• INSTRUCTIONS FOR THE TASK: Give the data below again exactly as it stands. Omit the pictures.

[Recorded data]
- Opening Delimiter -
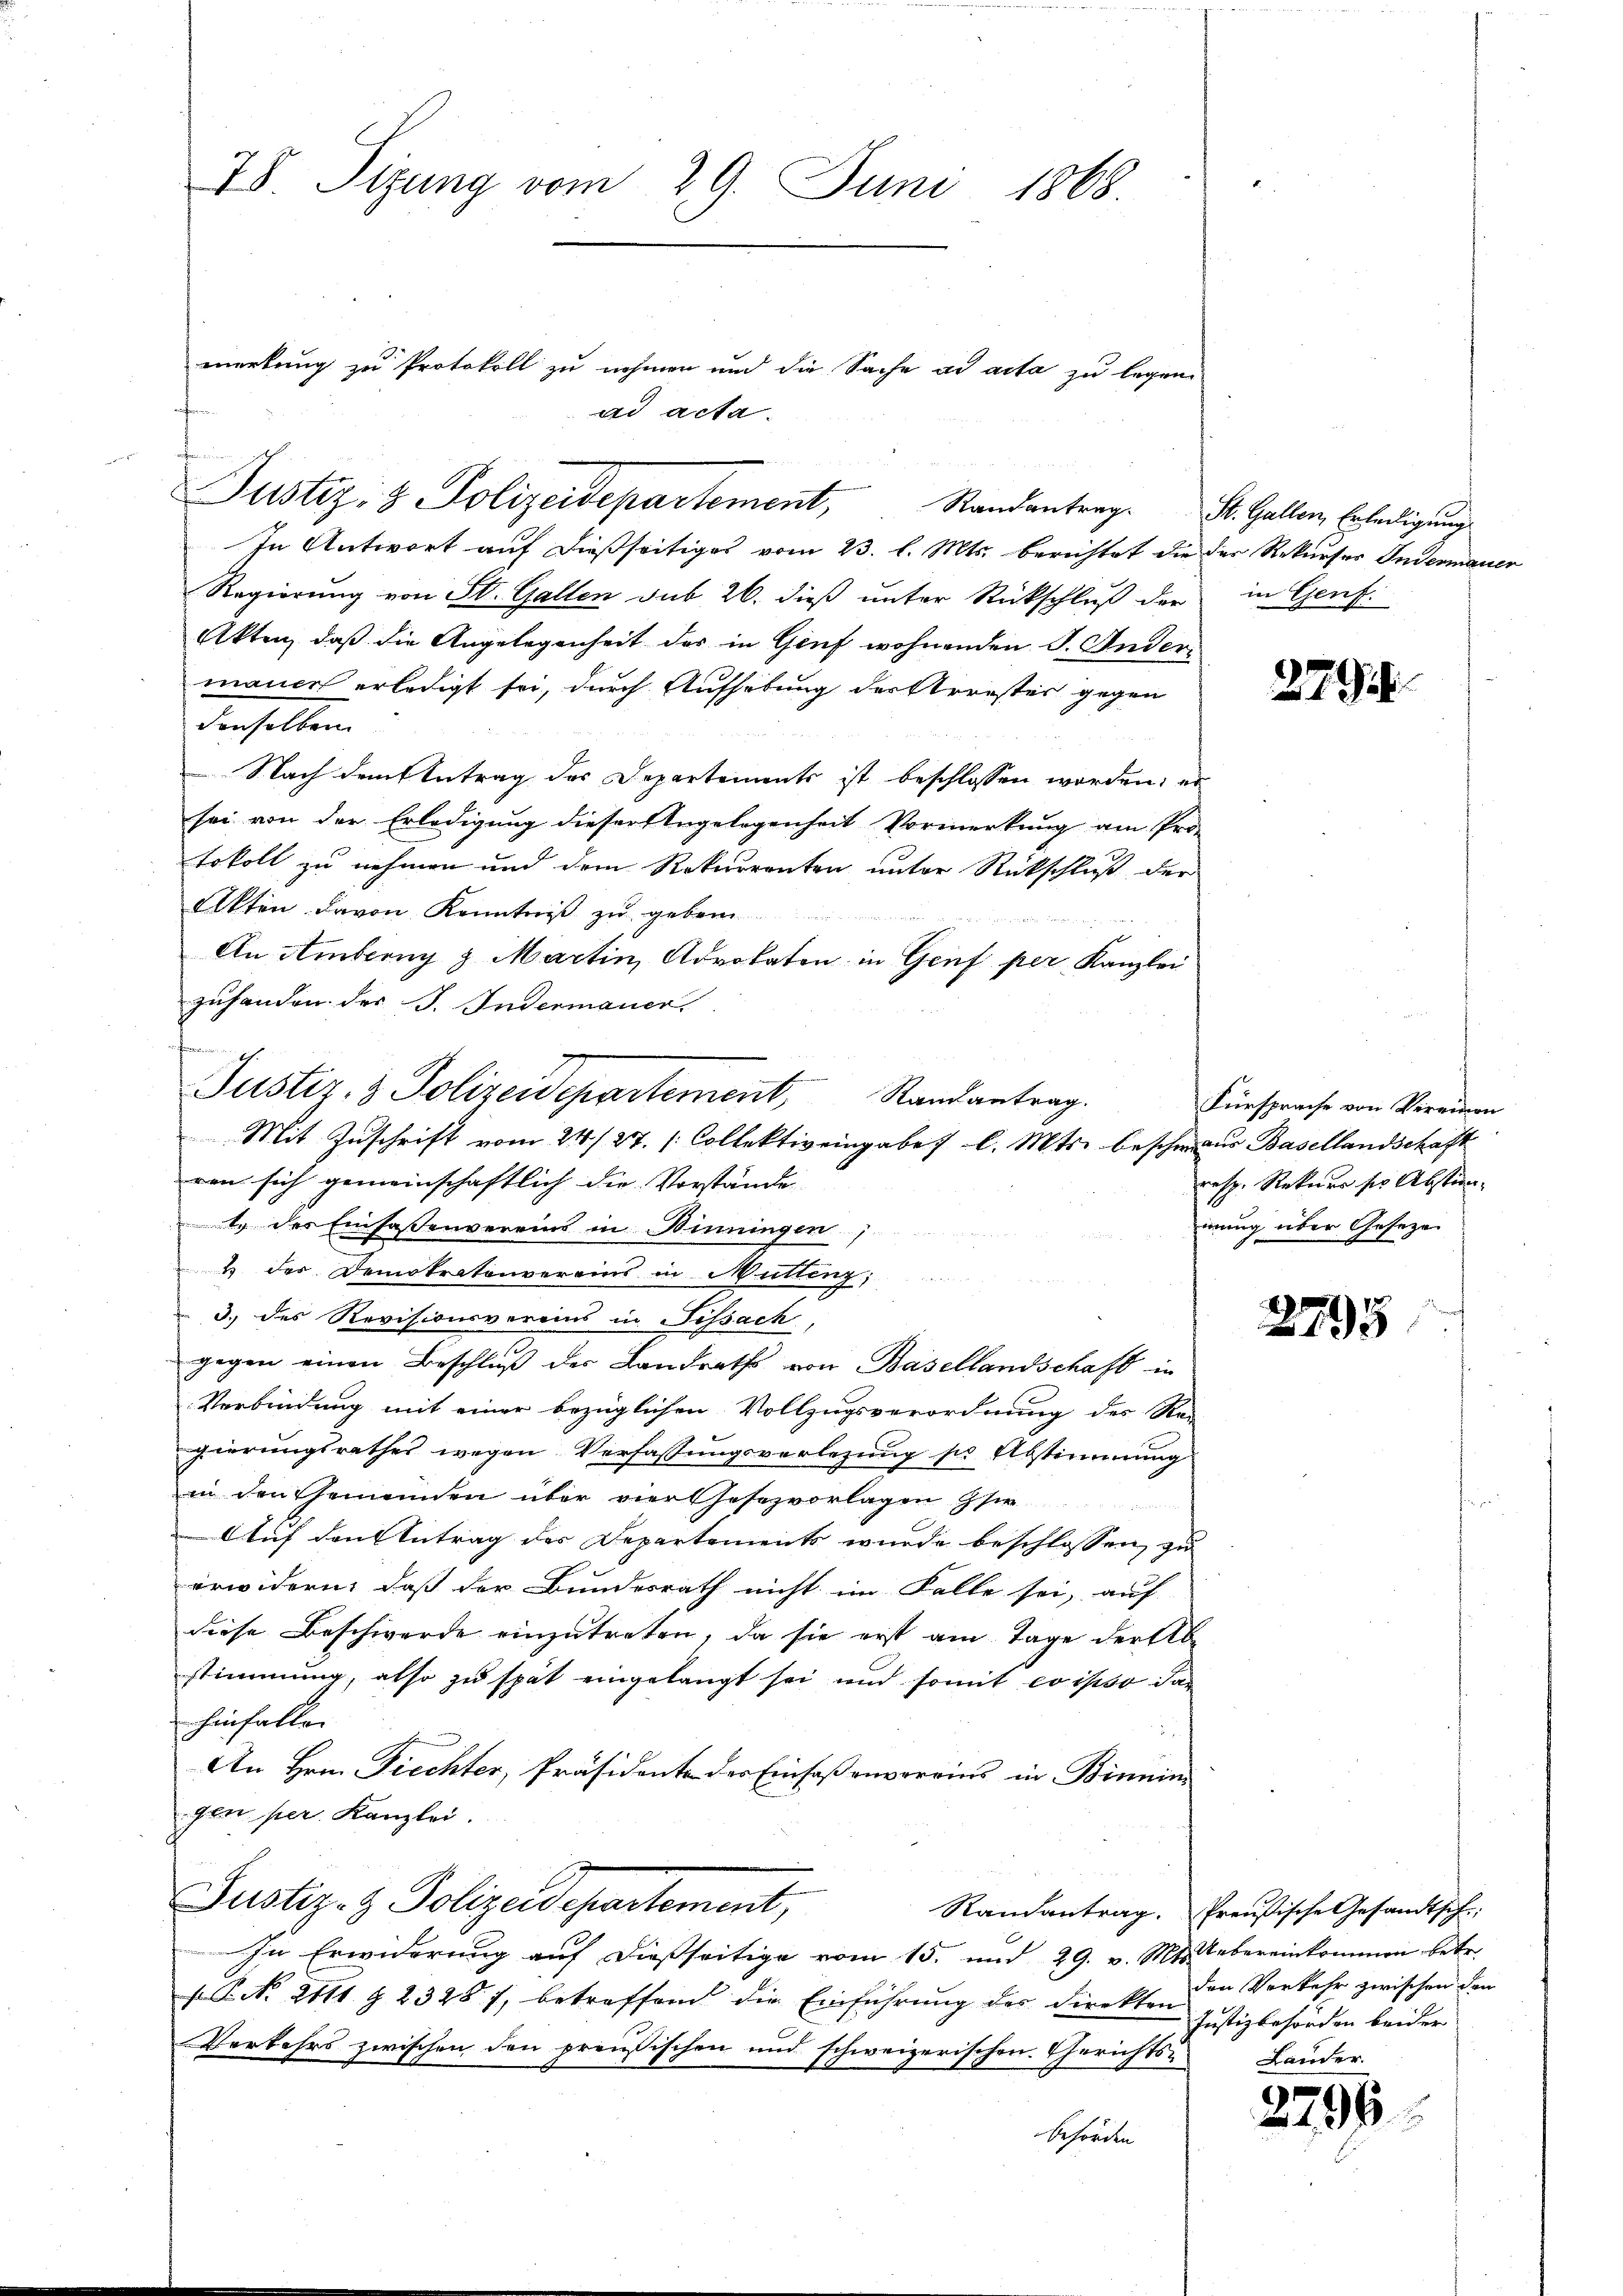
78. Sizung vom 29. Juni 1868.

In Antwort auf dießseitiges vom 23. l. Mts. berichtet die der Rekurses Indermauer
Regierŭng von St. Gallen sub 26. dieβ ŭnter Rückschlŭβ der in Genf.
Akten, daß die Angelegenheit der in Genf wohnenden S. Ander
mauer erledigt sei, durch Aufhebung der Arrester gegen
denselben.
 Nach dem Antrag des Departements ist beschlossen worden, er
sei von der Erledigung dieser Angelegenheit Vormerkung am Pro-
tokoll zu nehmen und dem Rekurrenten unter Rückschluß der
Akten davon Kenntniß zu geben

An Amberg & Martin, Advokaten in Genf per Kanzlei
zuhanden der J. Indermaner,
Randantrag.
Mit Zuschrift vom 24/27. Collektiv eingaber l. Mts. beschmaus Basellandschaft
ren sich gemeinschaftlich die Vorstände
t. des Einsassenvereins in Binningen
1 des Demokratenvereins in Mütteng;
3.) des Revisionsvereins in Fessach
gegen einen Beschluß der Landraths von Basellandschaft in
Verbindung mit einer bezüglichen Vollzugsverordnung des Re-
gierungsrathes wegen Verfassungsverlegung sie Abstimmung
in den Gemeinden über vier Gesezvorlagen sie
Auf den Antrag der Departements wurde beschlossen, zu
erwidern, daß der Bundesrath nicht im Falle sei, auf
diese Beschwerde einzutreten, da sie erst am Tage der Abstimmung, also zu spät eingelangt sei und somit eo ipso dan
hinfalle
An Hrn. Prechter, Präsidente der Einfassenvereins in Binnim
gler per. Kanzlei.
Justiz- & Polizeidepartement,
Randantrag. Preußische Gesandtsch
In Erwiderung auf dießseitige vom 15. und 29. v. Mts. Uebereinkommen betr.
.P. NNo. 2111 § 2328 f., betreffend die Einführung des Direkten Justizbehörden beider
Verkehrs zwischen den preußischen und schweizerischen Gerichts-
Behörden

Justiz- & Polizeidepartement,

ehmen h
Justiz- & Polizeidepartement,

merkung zu Protokoll zu nehmen und die Sache ad acta zu legen.
ad acta.

Randantrag. St. Gallen, Erledigung

279

Fürsprache von Vereinen
resp. Rekurs ser Abstänmung über Geseze

2795

den Vorkehr zwischen den
Lauder.

2795
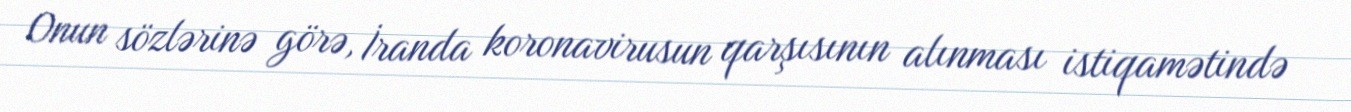
Onun sözlərinə görə, İranda koronavirusun qarşısının alınması istiqamətində
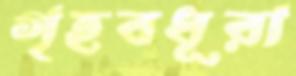
গৃহবধূরা
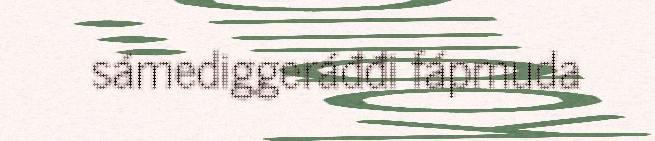
sámediggeráđđi fápmuda
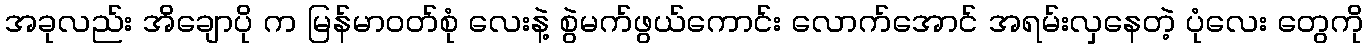
အခုလည်း အိချောပို က မြန်မာဝတ်စုံ လေးနဲ့ စွဲမက်ဖွယ်ကောင်း လောက်အောင် အရမ်းလှနေတဲ့ ပုံလေး တွေကို
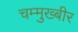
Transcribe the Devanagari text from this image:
चम्मुख्बीर
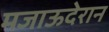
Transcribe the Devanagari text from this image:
मजाऊदेरान
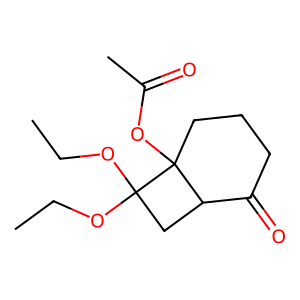
SMILES: CCOC1(OCC)CC2C(=O)CCCC21OC(C)=O
Inhibits HIV replication: No
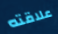
علاقته
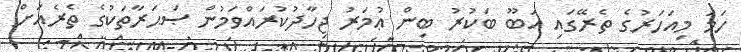
ހަމަ މިއަހަރުގެ ތެރޭގައި އަބޫ ބަކުރު ބިން ޢުމަރު ޖިހާދުކުރައްވަމުން ޞަޙަރާތަކުގެ ތެރެއަށް
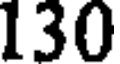
130
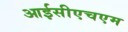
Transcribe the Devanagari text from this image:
आईसीएचएम
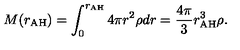
M ( r _ { \mathrm { A H } } ) = \int _ { 0 } ^ { r _ { \mathrm { A H } } } 4 \pi r ^ { 2 } \rho d r = \frac { 4 \pi } { 3 } r _ { \mathrm { A H } } ^ { 3 } \rho .
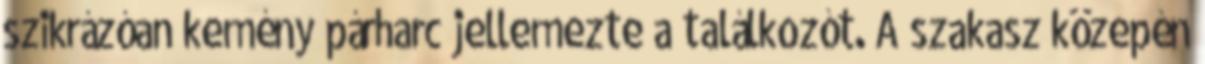
szikrázóan kemény párharc jellemezte a találkozót. A szakasz közepén
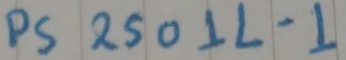
Text: NEC PS2501L
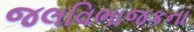
જલવિભાજકના
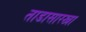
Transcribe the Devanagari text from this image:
ताडासारखा
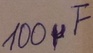
Text: 100µF
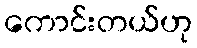
ကောင်းတယ်ဟု
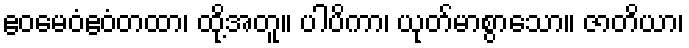
ဧဝမေဝံဧဝံတထာ၊ ထို့အတူ။ ပါပိကာ၊ ယုတ်မာစွာသော။ ဇာတိယာ၊
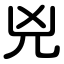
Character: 兇
- Closing Delimiter -
• RESPONSE:
78. Sizung vom 29. Juni 1868.

In Antwort auf dießseitiges vom 23. l. Mts. berichtet die der Rekurses Indermauer
Regierŭng von St. Gallen sub 26. dieβ ŭnter Rückschlŭβ der in Genf.
Akten, daß die Angelegenheit der in Genf wohnenden S. Ander
mauer erledigt sei, durch Aufhebung der Arrester gegen
denselben.
 Nach dem Antrag des Departements ist beschlossen worden, er
sei von der Erledigung dieser Angelegenheit Vormerkung am Pro-
tokoll zu nehmen und dem Rekurrenten unter Rückschluß der
Akten davon Kenntniß zu geben

An Amberg & Martin, Advokaten in Genf per Kanzlei
zuhanden der J. Indermaner,
Randantrag.
Mit Zuschrift vom 24/27. Collektiv eingaber l. Mts. beschmaus Basellandschaft
ren sich gemeinschaftlich die Vorstände
t. des Einsassenvereins in Binningen
1 des Demokratenvereins in Mütteng;
3.) des Revisionsvereins in Fessach
gegen einen Beschluß der Landraths von Basellandschaft in
Verbindung mit einer bezüglichen Vollzugsverordnung des Re-
gierungsrathes wegen Verfassungsverlegung sie Abstimmung
in den Gemeinden über vier Gesezvorlagen sie
Auf den Antrag der Departements wurde beschlossen, zu
erwidern, daß der Bundesrath nicht im Falle sei, auf
diese Beschwerde einzutreten, da sie erst am Tage der Abstimmung, also zu spät eingelangt sei und somit eo ipso dan
hinfalle
An Hrn. Prechter, Präsidente der Einfassenvereins in Binnim
gler per. Kanzlei.
Justiz- & Polizeidepartement,
Randantrag. Preußische Gesandtsch
In Erwiderung auf dießseitige vom 15. und 29. v. Mts. Uebereinkommen betr.
.P. NNo. 2111 § 2328 f., betreffend die Einführung des Direkten Justizbehörden beider
Verkehrs zwischen den preußischen und schweizerischen Gerichts-
Behörden

Justiz- & Polizeidepartement,

ehmen h
Justiz- & Polizeidepartement,

merkung zu Protokoll zu nehmen und die Sache ad acta zu legen.
ad acta.

Randantrag. St. Gallen, Erledigung

279

Fürsprache von Vereinen
resp. Rekurs ser Abstänmung über Geseze

2795

den Vorkehr zwischen den
Lauder.

2795
Onun sözlərinə görə, İranda koronavirusun qarşısının alınması istiqamətində
গৃহবধূরা
sámediggeráđđi fápmuda
အခုလည်း အိချောပို က မြန်မာဝတ်စုံ လေးနဲ့ စွဲမက်ဖွယ်ကောင်း လောက်အောင် အရမ်းလှနေတဲ့ ပုံလေး တွေကို
Transcribe the Devanagari text from this image:
चम्मुख्बीर
Transcribe the Devanagari text from this image:
मजाऊदेरान
SMILES: CCOC1(OCC)CC2C(=O)CCCC21OC(C)=O
Inhibits HIV replication: No
علاقته
ހަމަ މިއަހަރުގެ ތެރޭގައި އަބޫ ބަކުރު ބިން ޢުމަރު ޖިހާދުކުރައްވަމުން ޞަޙަރާތަކުގެ ތެރެއަށް
130
Transcribe the Devanagari text from this image:
आईसीएचएम
M ( r _ { \mathrm { A H } } ) = \int _ { 0 } ^ { r _ { \mathrm { A H } } } 4 \pi r ^ { 2 } \rho d r = \frac { 4 \pi } { 3 } r _ { \mathrm { A H } } ^ { 3 } \rho .
szikrázóan kemény párharc jellemezte a találkozót. A szakasz közepén
Text: NEC PS2501L
જલવિભાજકના
Transcribe the Devanagari text from this image:
ताडासारखा
Text: 100µF
ကောင်းတယ်ဟု
ဧဝမေဝံဧဝံတထာ၊ ထို့အတူ။ ပါပိကာ၊ ယုတ်မာစွာသော။ ဇာတိယာ၊
Character: 兇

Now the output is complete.